Nell: Do you want the rest of that toast?
Me: Yes, thank you.
Nell: I was just Keeping an Eye. I’ve had rather a trying morning.
Nell: Let’s just say, don’t be surprised if you open the door and find a k…
Nell: Don’t be silly.
Me: A Komodo dragon?
Nell: What on earth would they be doing in Devon?
Me: Stranger things have happened.
Nell: Where was I?
Me: Is it a King Penguin?
Nell: Now you’re being ridiculous. Everyone knows King Penguins have excellent manners and would never arrive unannounced.
Me: So what will I find?
Nell: A kilted corgi.
Me: Is that all?
Nell: Yes. His name is Hamish and he’s lost his sporran.
Me: Isn’t he in danger of losing his kilt as well?

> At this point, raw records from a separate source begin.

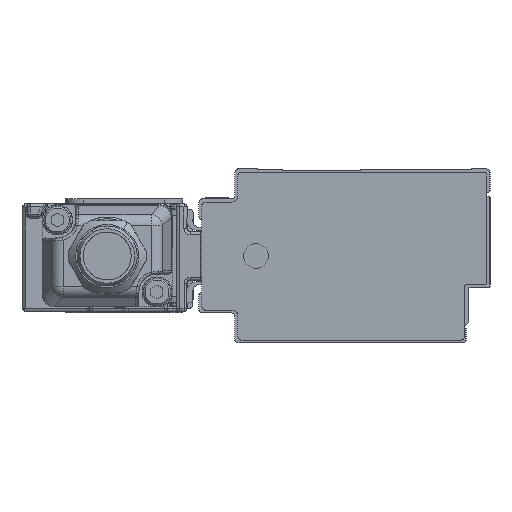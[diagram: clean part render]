
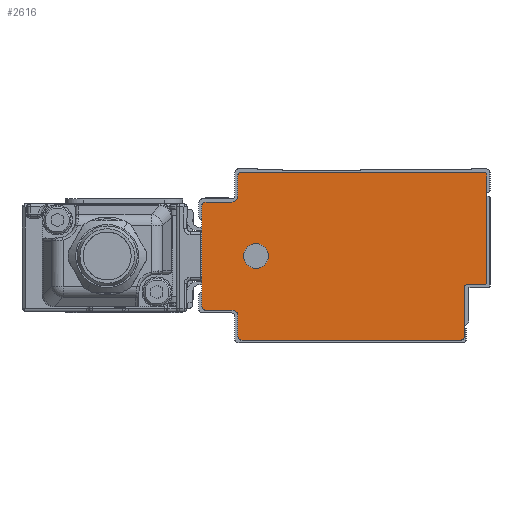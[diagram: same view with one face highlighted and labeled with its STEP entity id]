
A CAD part, left-side view. The second image highlights one B-rep face of the part: STEP entity #2616.
In plain terms, the highlighted planar face has unit normal (-1, 0, 0).
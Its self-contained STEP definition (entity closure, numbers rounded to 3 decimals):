
#1325=AXIS2_PLACEMENT_3D('Circle Axis2P3D',#1323,#1324,$) ;
#1363=AXIS2_PLACEMENT_3D('Circle Axis2P3D',#1361,#1362,$) ;
#1401=AXIS2_PLACEMENT_3D('Circle Axis2P3D',#1399,#1400,$) ;
#1439=AXIS2_PLACEMENT_3D('Circle Axis2P3D',#1437,#1438,$) ;
#2486=AXIS2_PLACEMENT_3D('Circle Axis2P3D',#2484,#2485,$) ;
#2506=AXIS2_PLACEMENT_3D('Plane Axis2P3D',#2503,#2504,#2505) ;
#2510=AXIS2_PLACEMENT_3D('Circle Axis2P3D',#2508,#2509,$) ;
#2524=AXIS2_PLACEMENT_3D('Circle Axis2P3D',#2522,#2523,$) ;
#2538=AXIS2_PLACEMENT_3D('Circle Axis2P3D',#2536,#2537,$) ;
#2552=AXIS2_PLACEMENT_3D('Circle Axis2P3D',#2550,#2551,$) ;
#2566=AXIS2_PLACEMENT_3D('Circle Axis2P3D',#2564,#2565,$) ;
#2600=AXIS2_PLACEMENT_3D('Circle Axis2P3D',#2598,#2599,$) ;
#2609=AXIS2_PLACEMENT_3D('Circle Axis2P3D',#2607,#2608,$) ;
#1281=CARTESIAN_POINT('Line Origine',(-275.5,-3.5,19.1)) ;
#1285=CARTESIAN_POINT('Vertex',(-275.5,-3.5,28.)) ;
#1287=CARTESIAN_POINT('Vertex',(-275.5,-3.5,10.2)) ;
#1323=CARTESIAN_POINT('Axis2P3D Location',(-275.5,-3.,28.)) ;
#1327=CARTESIAN_POINT('Vertex',(-275.5,-3.,28.5)) ;
#1342=CARTESIAN_POINT('Line Origine',(-275.5,17.25,28.5)) ;
#1346=CARTESIAN_POINT('Vertex',(-275.5,37.5,28.5)) ;
#1361=CARTESIAN_POINT('Axis2P3D Location',(-275.5,37.5,28.)) ;
#1365=CARTESIAN_POINT('Vertex',(-275.5,38.,28.)) ;
#1380=CARTESIAN_POINT('Line Origine',(-275.5,38.,26.25)) ;
#1384=CARTESIAN_POINT('Vertex',(-275.5,38.,24.5)) ;
#1399=CARTESIAN_POINT('Axis2P3D Location',(-275.5,39.,24.5)) ;
#1403=CARTESIAN_POINT('Vertex',(-275.5,39.,23.5)) ;
#1418=CARTESIAN_POINT('Line Origine',(-275.5,41.25,23.5)) ;
#1422=CARTESIAN_POINT('Vertex',(-275.5,43.5,23.5)) ;
#1437=CARTESIAN_POINT('Axis2P3D Location',(-275.5,43.5,23.)) ;
#1441=CARTESIAN_POINT('Vertex',(-275.5,44.,23.)) ;
#1456=CARTESIAN_POINT('Line Origine',(-275.5,44.,14.5)) ;
#1460=CARTESIAN_POINT('Vertex',(-275.5,44.,6.)) ;
#2484=CARTESIAN_POINT('Axis2P3D Location',(-275.5,-3.,10.2)) ;
#2488=CARTESIAN_POINT('Vertex',(-275.5,-3.,9.7)) ;
#2503=CARTESIAN_POINT('Axis2P3D Location',(-275.5,0.,0.)) ;
#2508=CARTESIAN_POINT('Axis2P3D Location',(-275.5,43.5,6.)) ;
#2512=CARTESIAN_POINT('Vertex',(-275.5,43.5,5.5)) ;
#2515=CARTESIAN_POINT('Line Origine',(-275.5,41.25,5.5)) ;
#2519=CARTESIAN_POINT('Vertex',(-275.5,39.,5.5)) ;
#2522=CARTESIAN_POINT('Axis2P3D Location',(-275.5,39.,4.5)) ;
#2526=CARTESIAN_POINT('Vertex',(-275.5,38.,4.5)) ;
#2529=CARTESIAN_POINT('Line Origine',(-275.5,38.,2.75)) ;
#2533=CARTESIAN_POINT('Vertex',(-275.5,38.,1.)) ;
#2536=CARTESIAN_POINT('Axis2P3D Location',(-275.5,37.5,1.)) ;
#2540=CARTESIAN_POINT('Vertex',(-275.5,37.5,0.5)) ;
#2543=CARTESIAN_POINT('Line Origine',(-275.5,19.15,0.5)) ;
#2547=CARTESIAN_POINT('Vertex',(-275.5,0.8,0.5)) ;
#2550=CARTESIAN_POINT('Axis2P3D Location',(-275.5,0.8,1.)) ;
#2554=CARTESIAN_POINT('Vertex',(-275.5,0.3,1.)) ;
#2557=CARTESIAN_POINT('Line Origine',(-275.5,0.3,5.1)) ;
#2561=CARTESIAN_POINT('Vertex',(-275.5,0.3,9.2)) ;
#2564=CARTESIAN_POINT('Axis2P3D Location',(-275.5,-0.2,9.2)) ;
#2568=CARTESIAN_POINT('Vertex',(-275.5,-0.2,9.7)) ;
#2571=CARTESIAN_POINT('Line Origine',(-275.5,-1.6,9.7)) ;
#2598=CARTESIAN_POINT('Axis2P3D Location',(-275.5,35.,14.5)) ;
#2602=CARTESIAN_POINT('Vertex',(-275.5,33.186,13.509)) ;
#2604=CARTESIAN_POINT('Vertex',(-275.5,36.814,15.491)) ;
#2607=CARTESIAN_POINT('Axis2P3D Location',(-275.5,35.,14.5)) ;
#1282=DIRECTION('Vector Direction',(0.,0.,-1.)) ;
#1324=DIRECTION('Axis2P3D Direction',(1.,0.,0.)) ;
#1343=DIRECTION('Vector Direction',(0.,1.,0.)) ;
#1362=DIRECTION('Axis2P3D Direction',(1.,0.,0.)) ;
#1381=DIRECTION('Vector Direction',(0.,0.,1.)) ;
#1400=DIRECTION('Axis2P3D Direction',(1.,0.,0.)) ;
#1419=DIRECTION('Vector Direction',(0.,1.,0.)) ;
#1438=DIRECTION('Axis2P3D Direction',(1.,0.,0.)) ;
#1457=DIRECTION('Vector Direction',(0.,0.,1.)) ;
#2485=DIRECTION('Axis2P3D Direction',(1.,0.,0.)) ;
#2504=DIRECTION('Axis2P3D Direction',(1.,0.,0.)) ;
#2505=DIRECTION('Axis2P3D XDirection',(0.,1.,0.)) ;
#2509=DIRECTION('Axis2P3D Direction',(1.,0.,0.)) ;
#2516=DIRECTION('Vector Direction',(0.,-1.,0.)) ;
#2523=DIRECTION('Axis2P3D Direction',(1.,0.,0.)) ;
#2530=DIRECTION('Vector Direction',(0.,0.,1.)) ;
#2537=DIRECTION('Axis2P3D Direction',(1.,0.,0.)) ;
#2544=DIRECTION('Vector Direction',(0.,-1.,0.)) ;
#2551=DIRECTION('Axis2P3D Direction',(1.,0.,0.)) ;
#2558=DIRECTION('Vector Direction',(0.,0.,-1.)) ;
#2565=DIRECTION('Axis2P3D Direction',(1.,0.,0.)) ;
#2572=DIRECTION('Vector Direction',(0.,1.,0.)) ;
#2599=DIRECTION('Axis2P3D Direction',(1.,0.,0.)) ;
#2608=DIRECTION('Axis2P3D Direction',(1.,0.,0.)) ;
#1283=VECTOR('Line Direction',#1282,1.) ;
#1344=VECTOR('Line Direction',#1343,1.) ;
#1382=VECTOR('Line Direction',#1381,1.) ;
#1420=VECTOR('Line Direction',#1419,1.) ;
#1458=VECTOR('Line Direction',#1457,1.) ;
#2517=VECTOR('Line Direction',#2516,1.) ;
#2531=VECTOR('Line Direction',#2530,1.) ;
#2545=VECTOR('Line Direction',#2544,1.) ;
#2559=VECTOR('Line Direction',#2558,1.) ;
#2573=VECTOR('Line Direction',#2572,1.) ;
#2577=ORIENTED_EDGE('',*,*,#1348,.F.) ;
#2578=ORIENTED_EDGE('',*,*,#1367,.F.) ;
#2579=ORIENTED_EDGE('',*,*,#1386,.F.) ;
#2580=ORIENTED_EDGE('',*,*,#1405,.F.) ;
#2581=ORIENTED_EDGE('',*,*,#1424,.F.) ;
#2582=ORIENTED_EDGE('',*,*,#1443,.F.) ;
#2583=ORIENTED_EDGE('',*,*,#1462,.F.) ;
#2584=ORIENTED_EDGE('',*,*,#2514,.F.) ;
#2585=ORIENTED_EDGE('',*,*,#2521,.F.) ;
#2586=ORIENTED_EDGE('',*,*,#2528,.F.) ;
#2587=ORIENTED_EDGE('',*,*,#2535,.F.) ;
#2588=ORIENTED_EDGE('',*,*,#2542,.F.) ;
#2589=ORIENTED_EDGE('',*,*,#2549,.F.) ;
#2590=ORIENTED_EDGE('',*,*,#2556,.F.) ;
#2591=ORIENTED_EDGE('',*,*,#2563,.F.) ;
#2592=ORIENTED_EDGE('',*,*,#2570,.F.) ;
#2593=ORIENTED_EDGE('',*,*,#2575,.F.) ;
#2594=ORIENTED_EDGE('',*,*,#2490,.F.) ;
#2595=ORIENTED_EDGE('',*,*,#1289,.F.) ;
#2596=ORIENTED_EDGE('',*,*,#1329,.F.) ;
#2613=ORIENTED_EDGE('',*,*,#2606,.T.) ;
#2614=ORIENTED_EDGE('',*,*,#2611,.T.) ;
#2615=FACE_BOUND('',#2612,.T.) ;
#2616=ADVANCED_FACE('\X2\FF8EFF9EFF83FF9EFF68FF70\X0\.2',(#2597,#2615),#2507,.F.) ;
#1326=CIRCLE('generated circle',#1325,0.5) ;
#1364=CIRCLE('generated circle',#1363,0.5) ;
#1402=CIRCLE('generated circle',#1401,1.) ;
#1440=CIRCLE('generated circle',#1439,0.5) ;
#2487=CIRCLE('generated circle',#2486,0.5) ;
#2511=CIRCLE('generated circle',#2510,0.5) ;
#2525=CIRCLE('generated circle',#2524,1.) ;
#2539=CIRCLE('generated circle',#2538,0.5) ;
#2553=CIRCLE('generated circle',#2552,0.5) ;
#2567=CIRCLE('generated circle',#2566,0.5) ;
#2601=CIRCLE('generated circle',#2600,2.067) ;
#2610=CIRCLE('generated circle',#2609,2.067) ;
#1289=EDGE_CURVE('',#1286,#1288,#1284,.T.) ;
#1329=EDGE_CURVE('',#1328,#1286,#1326,.T.) ;
#1348=EDGE_CURVE('',#1347,#1328,#1345,.F.) ;
#1367=EDGE_CURVE('',#1366,#1347,#1364,.T.) ;
#1386=EDGE_CURVE('',#1385,#1366,#1383,.T.) ;
#1405=EDGE_CURVE('',#1404,#1385,#1402,.F.) ;
#1424=EDGE_CURVE('',#1423,#1404,#1421,.F.) ;
#1443=EDGE_CURVE('',#1442,#1423,#1440,.T.) ;
#1462=EDGE_CURVE('',#1461,#1442,#1459,.T.) ;
#2490=EDGE_CURVE('',#1288,#2489,#2487,.T.) ;
#2514=EDGE_CURVE('',#2513,#1461,#2511,.T.) ;
#2521=EDGE_CURVE('',#2520,#2513,#2518,.F.) ;
#2528=EDGE_CURVE('',#2527,#2520,#2525,.F.) ;
#2535=EDGE_CURVE('',#2534,#2527,#2532,.T.) ;
#2542=EDGE_CURVE('',#2541,#2534,#2539,.T.) ;
#2549=EDGE_CURVE('',#2548,#2541,#2546,.F.) ;
#2556=EDGE_CURVE('',#2555,#2548,#2553,.T.) ;
#2563=EDGE_CURVE('',#2562,#2555,#2560,.T.) ;
#2570=EDGE_CURVE('',#2569,#2562,#2567,.F.) ;
#2575=EDGE_CURVE('',#2489,#2569,#2574,.T.) ;
#2606=EDGE_CURVE('',#2603,#2605,#2601,.T.) ;
#2611=EDGE_CURVE('',#2605,#2603,#2610,.T.) ;
#2576=EDGE_LOOP('',(#2577,#2578,#2579,#2580,#2581,#2582,#2583,#2584,#2585,#2586,#2587,#2588,#2589,#2590,#2591,#2592,#2593,#2594,#2595,#2596)) ;
#2612=EDGE_LOOP('',(#2613,#2614)) ;
#2597=FACE_OUTER_BOUND('',#2576,.T.) ;
#1284=LINE('Line',#1281,#1283) ;
#1345=LINE('Line',#1342,#1344) ;
#1383=LINE('Line',#1380,#1382) ;
#1421=LINE('Line',#1418,#1420) ;
#1459=LINE('Line',#1456,#1458) ;
#2518=LINE('Line',#2515,#2517) ;
#2532=LINE('Line',#2529,#2531) ;
#2546=LINE('Line',#2543,#2545) ;
#2560=LINE('Line',#2557,#2559) ;
#2574=LINE('Line',#2571,#2573) ;
#2507=PLANE('Plane',#2506) ;
#1286=VERTEX_POINT('',#1285) ;
#1288=VERTEX_POINT('',#1287) ;
#1328=VERTEX_POINT('',#1327) ;
#1347=VERTEX_POINT('',#1346) ;
#1366=VERTEX_POINT('',#1365) ;
#1385=VERTEX_POINT('',#1384) ;
#1404=VERTEX_POINT('',#1403) ;
#1423=VERTEX_POINT('',#1422) ;
#1442=VERTEX_POINT('',#1441) ;
#1461=VERTEX_POINT('',#1460) ;
#2489=VERTEX_POINT('',#2488) ;
#2513=VERTEX_POINT('',#2512) ;
#2520=VERTEX_POINT('',#2519) ;
#2527=VERTEX_POINT('',#2526) ;
#2534=VERTEX_POINT('',#2533) ;
#2541=VERTEX_POINT('',#2540) ;
#2548=VERTEX_POINT('',#2547) ;
#2555=VERTEX_POINT('',#2554) ;
#2562=VERTEX_POINT('',#2561) ;
#2569=VERTEX_POINT('',#2568) ;
#2603=VERTEX_POINT('',#2602) ;
#2605=VERTEX_POINT('',#2604) ;

Nell: No. A sporran doesn’t hold up a kilt, it is like a pouch, or a pocket. Somewhere you can keep your things.
Me: I suppose it is.
Nell: Anyway, Hamish is very distressed. All his worldly goods were in that sporran.
Me: We can’t just leave him outside, Nell. All lost and sporranless.
Nell: Fortunately Knitwear Wolf arrived with the papers so he’s taken Hamish with him on his motorbike to search for it.
Me: I suspect the Beefies.
Nell: Yes, it certainly sounds likely.
Me: Is Hamish related to the Welsh corgi choir then?
Nell: Of course not. Do you think I am related to that rude Golden Labrador who shouts at cyclists near the quay?
Nell: Well then. Hamish is here on holiday. I’ve invited him to tea.
Me: I’m sure Poppy has some shortbread.
Nell: We will be having a selection of finger sandwiches with the crusts off, followed by scones, jam and cream. We have standards to maintain.
Me: Yes. Sorry.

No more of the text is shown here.